Within‑domain experiments (training and testing on the same source) achieve low NME values (≈0.03–0.08 for head and abdomen, ≈0.05 for femur), confirming that the baseline model can accurately predict landmarks when data distribution is homogeneous. Cross‑domain experiments, however, reveal substantial domain shift: NME roughly doubles for head and abdomen measurements and can reach as high as 0.90 for femur length when a model trained on the “FP” subset is evaluated on the “UCL” subset. This degradation is attributed to differences in device manufacturer, probe handling, magnification, and fetal pose, which affect landmark position, size, and orientation.

Crucially, a model trained on the combined multi‑centre (M‑C) data—i.e., integrating all three sites and all seven devices—demonstrates the best overall generalisation. When tested on the UCL set, the M‑C model attains NME = 0.02 ± 0.02 for BPD and 0.03 ± 0.11 for OFD, outperforming even the UCL‑specific model on its own test data. Similar improvements are observed for abdominal measurements and femur length, underscoring that exposure to diverse acquisition conditions during training markedly mitigates domain shift.

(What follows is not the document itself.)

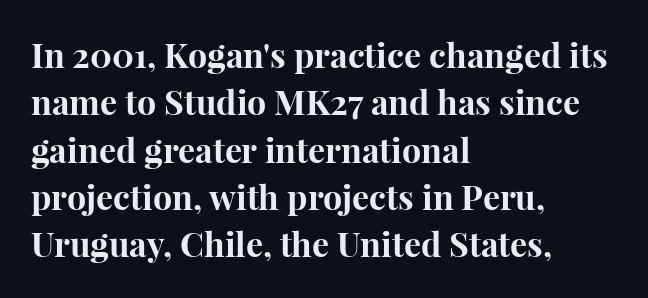
{"serif": "yes", "italic": "no", "bold": "yes", "weight": "bold", "width": "normal", "stroke_contrast": "high", "x_height": "medium", "monospaced": "no", "underline": "no", "align": "left", "line_spacing": "normal", "line_spacing_ratio": 1.39, "letter_spacing": "normal", "letter_spacing_em": 0.0, "glyph_px": 34}

Beyond the benchmark itself, the authors provide a thorough analysis of anatomical variability across sites using kernel density estimates of landmark centre‑point distribution, normalised size, and polar histograms of orientation. These visualisations confirm that the dataset captures realistic clinical heterogeneity, making it an ideal testbed for domain‑adaptation strategies, meta‑learning, and federated learning approaches that aim to build robust, device‑agnostic fetal biometry tools.

In summary, this work delivers the first publicly available, multi‑centre, multi‑device, landmark‑annotated fetal US dataset covering all primary biometric planes. By supplying standardized splits, evaluation pipelines, and baseline results, it enables fair, reproducible comparison of AI methods and encourages the development of models that generalise across scanners, operators, and clinical environments—an essential step toward reliable, automated fetal growth monitoring in routine obstetric practice.